Mirotic’s tire treads have somehow gripped onto that very rare, fast, lubricated track toward Euroleague greatness, to the point where even leveling off at really good would be viewed as a huge disappointment. Most valuable prospect, no more; it’s MVP time for Mirotic, who was a consensus preseason All-Euroleaguer over at Euroleague Adventures.
Coming into this week he’d been good, but not necessarily better.
But before harping on the stagnation in the scoring department between last year and this, remember that the Euroleague is a competition dominated by grown men. Registering double figures at his age is uncommon; doing it for a Real Madrid team loaded with Europe’s elite— Rudy Fernandez, Jaycee Carroll, Sergio Llull, Marcus Slaughter and old man Felipe Reyes—is exceptional.
Consider this: among those 22-and-unders eligible for this year’s Rising Star Award, Mirotic is one of just four that currently rank among the Euroleague’s top 70 scorers.
Guard Jaka Blazic is scoring 11.8 for Union Olimpija (36th), Knick-turned-Blazer Kostas Papanikolaou is averaging 10.6 for defending champs Olympiacos (48th), and Partizan’s Leo Westermann comes in 70th in points per game with 9.9.
Mirotic’s 12.4 ppg has him sandwiched right between the überquick Bo McCalebb and Russian Olympic hero Vitaly Fridzon at 30th.
Pretty decent company for a man who only recently could have legally enjoyed a Nisicko Tamno on U.S. soil. (Google tells me Nisicko Tamno is one of Montenegro’s more popular brews.)
As AJ Mitnick has trumpeted on this very site, judging a Euroleaguer—especially a young one—by his numbers alone is risky, and won’t often be a reliable gauge for his prospects as an NBA contributor.
Ricky Rubio only reached double digits in assists twice in 63 Euroleague games. In 41 games as an NBA rookie, he did it 14 times. Every example won’t be that extreme, but it’s safe to say Minnesota fans and NBA skeptics alike forgot all about his underwhelming Euroleague stat line by the time he’d recorded his first handful of double-doubles.
But much like Rubio, fans in Chicago will have to wait to enjoy Mirotic’s mastery. His contract with Madrid runs through the end of the 2015-16 season, and Real Madrid would rather collect a Euroleague title or two than the two million Euro buyout owed to the Spanish club in the event of Mirotic’s departure.
The shifty Spanish shooting guard and Houston Rockets asset will be 30 by the time the deal runs out, giving he and Mirotic another three seasons—and possibly longer—to scorch both the Euroleague and the ACB (or Liga Endesa, or Spanish League, or…no, just those three).

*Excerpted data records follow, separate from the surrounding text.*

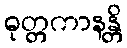
ဓုတ္တကာနန္တိ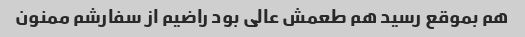
هم بموقع رسید هم طعمش عالی بود راضیم از سفارشم ممنون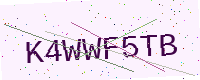
Text: K4WWF5TB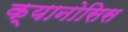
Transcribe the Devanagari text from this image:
क्यानोसिस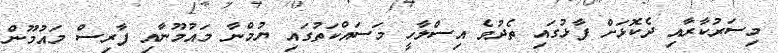
މިސަރުކާރާއި ދެކޮޅަށް ފާޅުގައި ތެދުވެ އިސްލާހީ މަސައްކަތުގައި ޔުމްނާ މައުމޫނާއި ފާރިސް މައުމޫން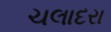
ચલાદરા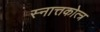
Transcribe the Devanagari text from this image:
स्नात्तकोत्त्र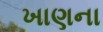
ખાણના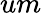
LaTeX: um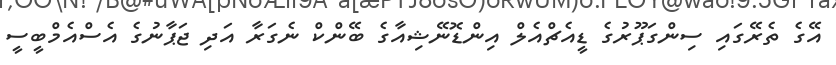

And last season, Mirotic started to heat up right as the shadows subdued Madrid’s Gran Via into a collective shiver. Mirotic’s December numbers from last season: 18.5 points, 6.5 rebounds and 62 percent on his threes.
It was good enough to earn him monthly MVP honors, and take him from rising to star.
Will this December be the month he puts a super- in front?
A Handful of Top 16 Tickets
Unicaja Malaga, Barcelona Regal, CSKA Moscow, Zalgiris Kaunas and Besiktas JK Istanbul have all stamped theirs, while 11 are still up for grabs.